為了避開這種吵人的影響,徐徒然乾脆放任自己陷入了沉睡,卻因為育者的靠近,不可避免地做起了噩夢。
而就是在這噩夢之中,被消化了一半的匠臨四合一終於找到機會。它藉由徐徒然的噩夢,溯游到了普通人的夢境之中,並以此為出口,逃回了現實之中。迴歸現實後,它又控制了數名人類,再次進行了祈求育者降臨的儀式——「不僅如此,它在逃走時,還從你的噩夢中偷走了部分力量。」系統道,「你當時快氣炸了。」
——永晝是從長夜中偷來的。
這句話瞬間浮上腦海。徐徒然抿了抿唇,問道:「然後呢?」
系統非常簡潔:「然後你就被錘爆了。」
徐徒然:「……」
……??!
等等,什麼玩意兒?
「被錘爆了啊,被育者。」系統道,「有了祈禱,祂就能下來了。你又沒破殼,難道還想和祂對打嗎。」
準確來說,徐徒然還不是最先被錘爆的。第一個被錘爆的是楊不棄——或者說,當時的古意志。
和徐徒然不同,古意志一直處在淺眠的狀態。在育者降落之後,也是他第一個清醒過來。儘管知道打不過,他還是第一時間衝了出去,試圖造出第一道防線。
「具體我不清楚。當時我和你一起睡著。總之等你醒了之後,他那麼大一塊……一個古意志,就沒了。」
系統本想說「一塊肉」,注意到徐徒然不善的臉色,又迅速改了口。
徐徒然曲起手指,輕輕敲打起桌面,過了一會兒,才道:「可他現在還在。」
「那是他運氣好。」系統道,「他在消逝前,將自己的秩序能力留給了你。又正好你被他隕落的動靜驚醒,就當場撈了他一把。」
當時的徐徒然,雖然還沒破殼,但已經有一個傾向攀至頂端,具備了成「神」的資質。
而神,自然是可以欽點神使的。所以她便直接將楊不棄留給她的「秩序」視作祭品,以此為契機,賦予了楊不棄「伴生」的身份。
……然而很可惜,這個「伴生」身份也沒有維持多久。因為就在他晉升位份後不久,徐徒然就也被育者拍死了。

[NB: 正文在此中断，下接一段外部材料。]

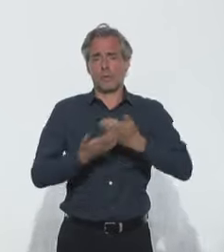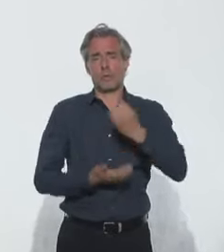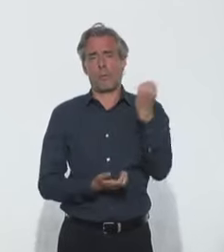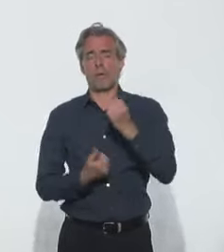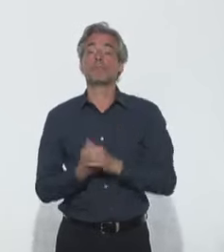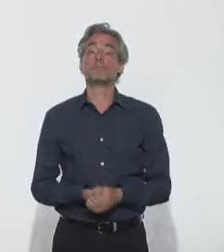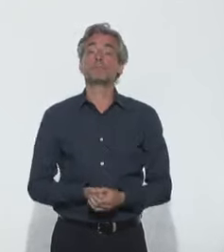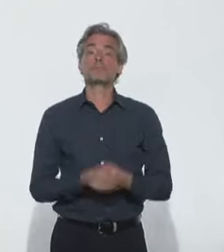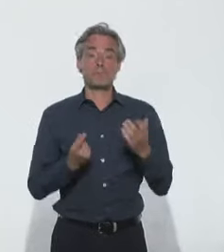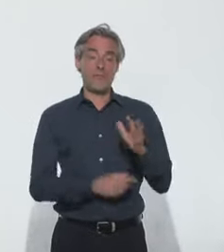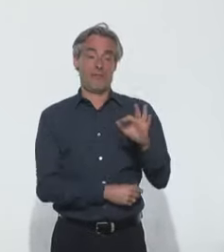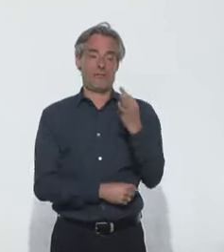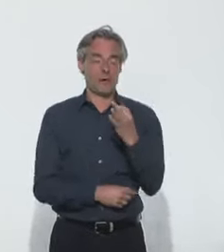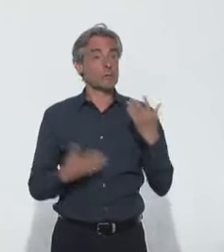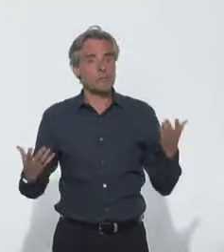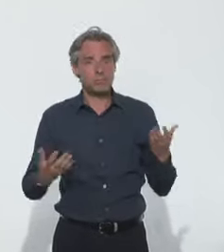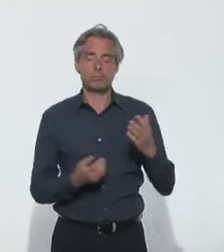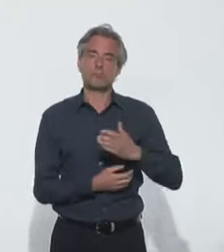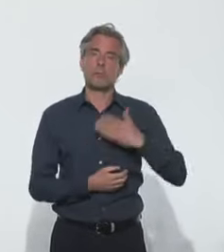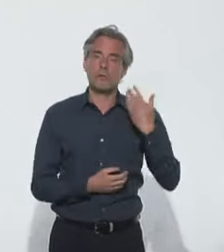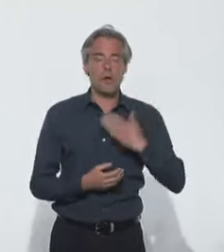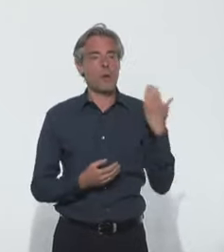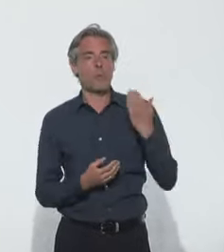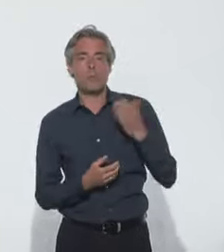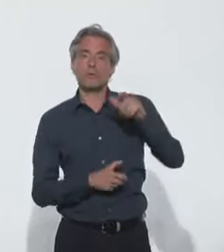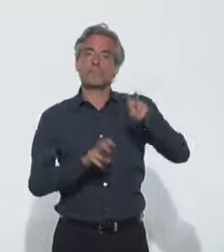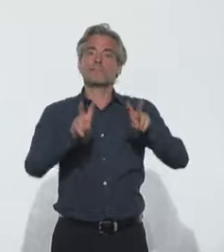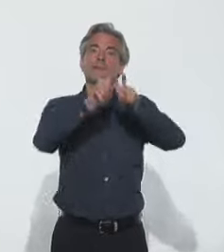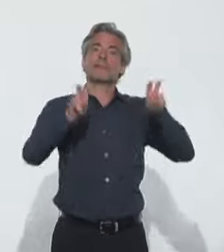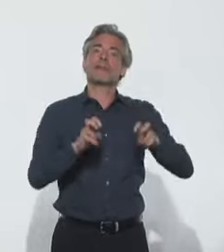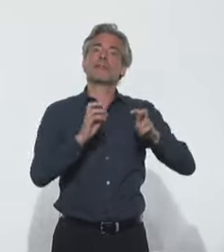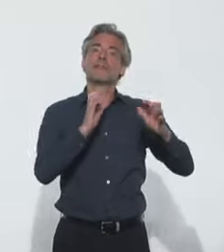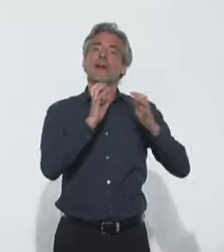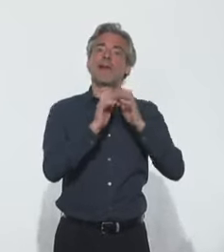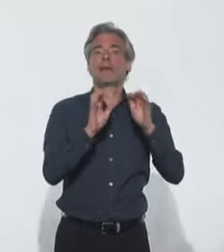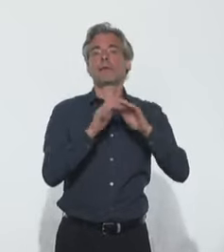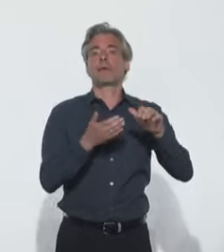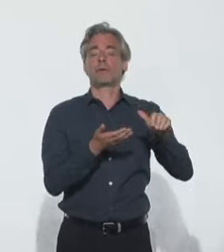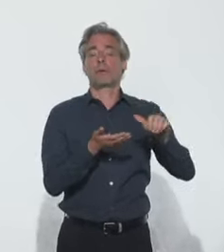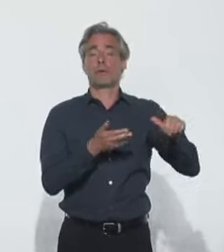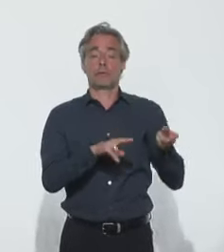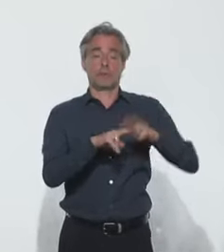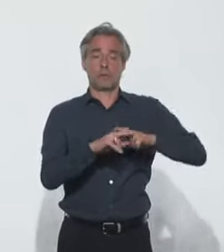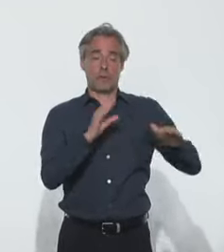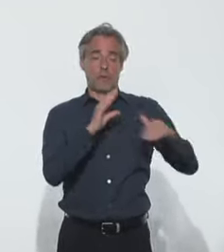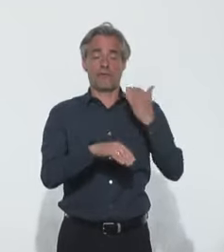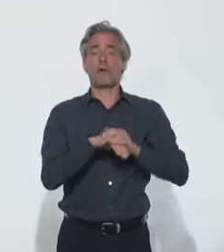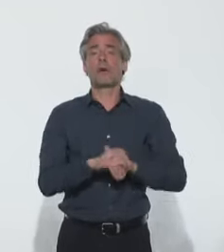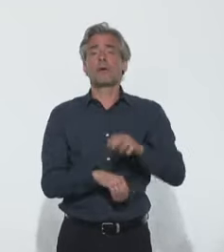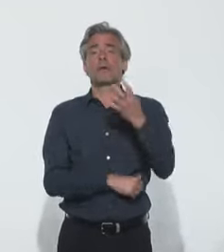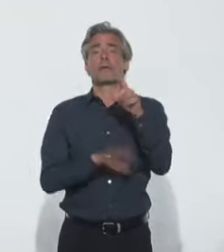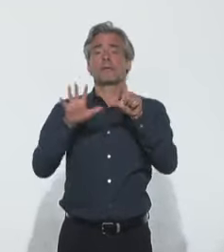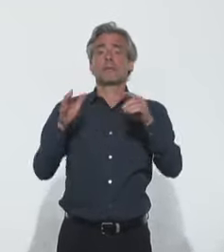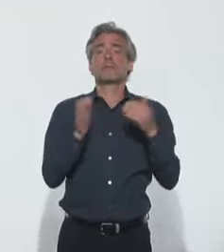Enfin, vous le savez, la France a de plus en plus recours aux certificats électroniques de décès. 7 545
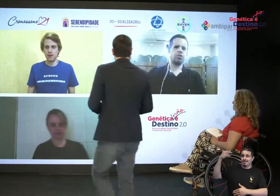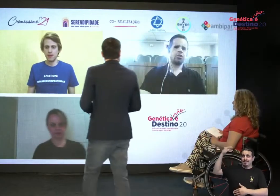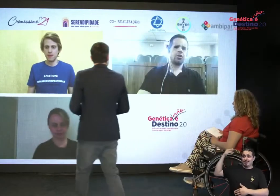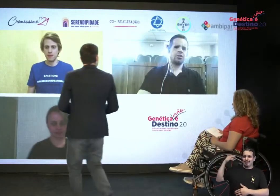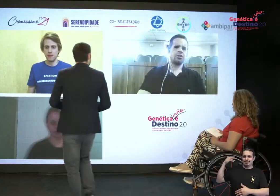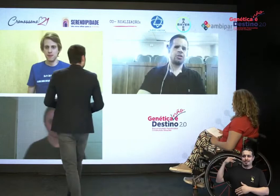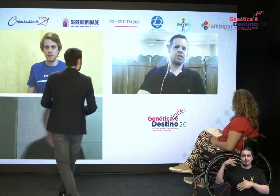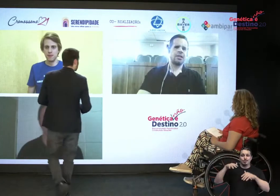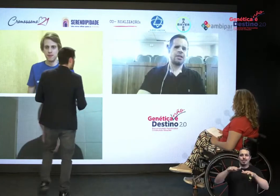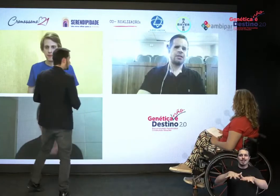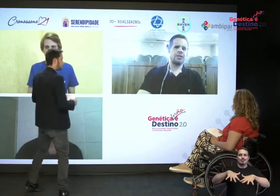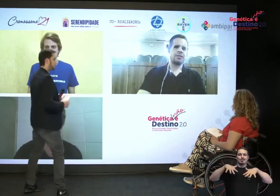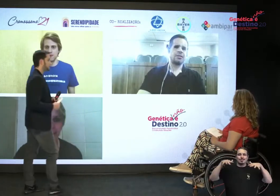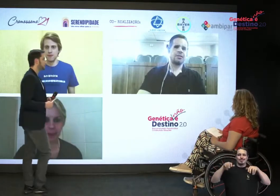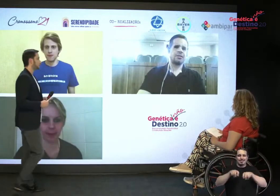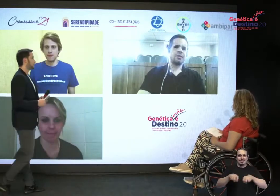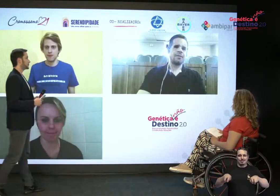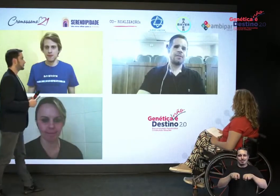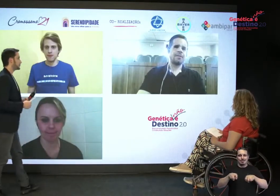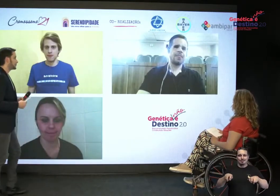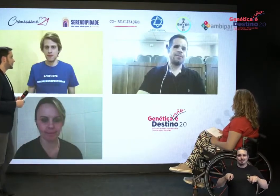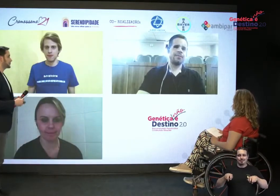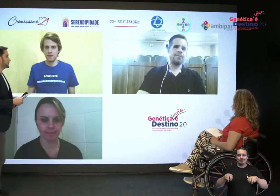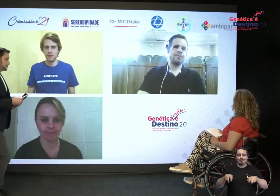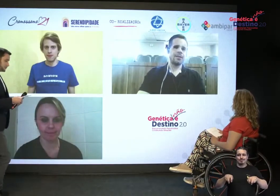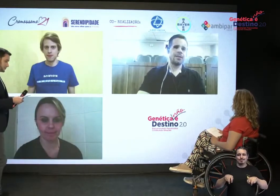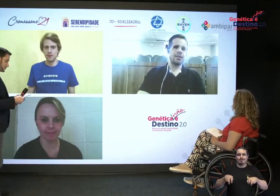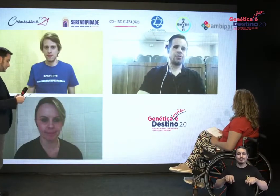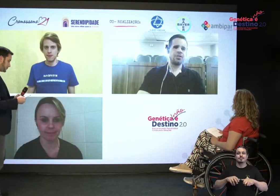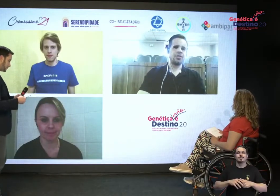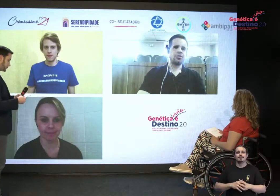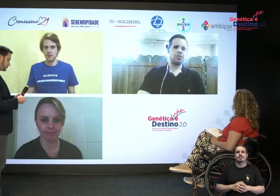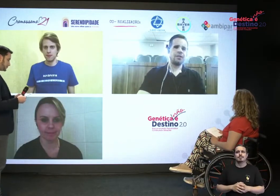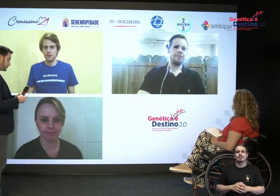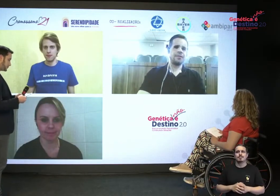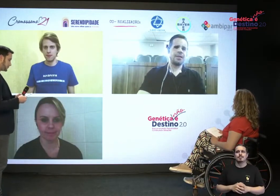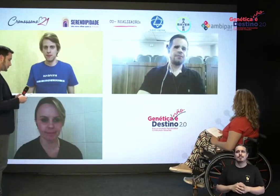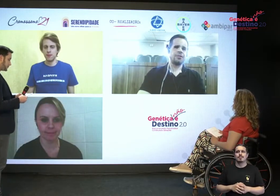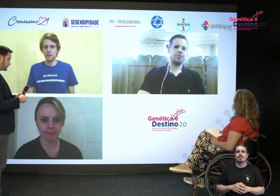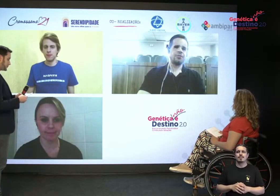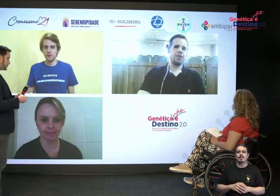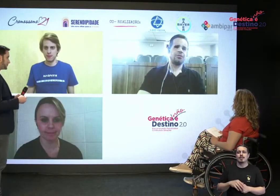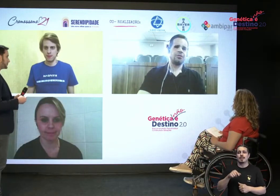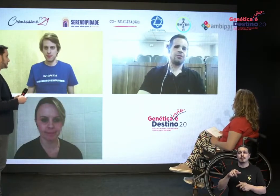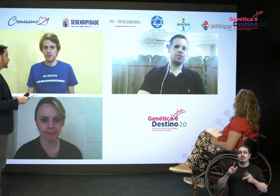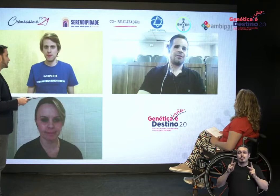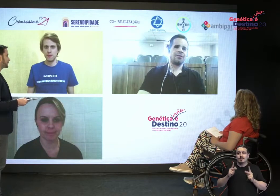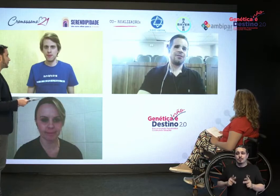cheio de cadeiras. Sou uma pessoa com deficiência visual total.

「不過也算你機智,給自己留了後手。」系統語氣中帶上了幾分喟嘆。
徐徒然怔了一下,似有所悟地抬頭,目光落在上方的斑斑光點上:「信仰盒子?」
系統:「信仰盒子,本質是預知傾向延伸出的能力。關於具體作用,你應該已經有體會了。」
徐徒然回憶了下手頭那個迷你版信仰盒子的運作方式,恍然大悟地點頭:「你的意思是,我擷取了一些人的時間碎片,關進了一個盒中世界。而這些人,應當是過去的我的信仰者……」
「不是一些人。」系統糾正,「是整個世界。」
「隨著楊不棄和你的隕落,這個世界也分崩離析。而你,則利用最後的力量,擷取了整個世界倒數十年的時間,將它們全都存進了盒子裡。」
楊不棄是這個星球的古意志。他所孕育出的生命,天生就帶著對徐徒然的信仰。
而徐徒然經年累月光臨他人的夢境,其形象也早已被人類捕捉、演化、追逐,潛移默化間,擁有了另一批信徒。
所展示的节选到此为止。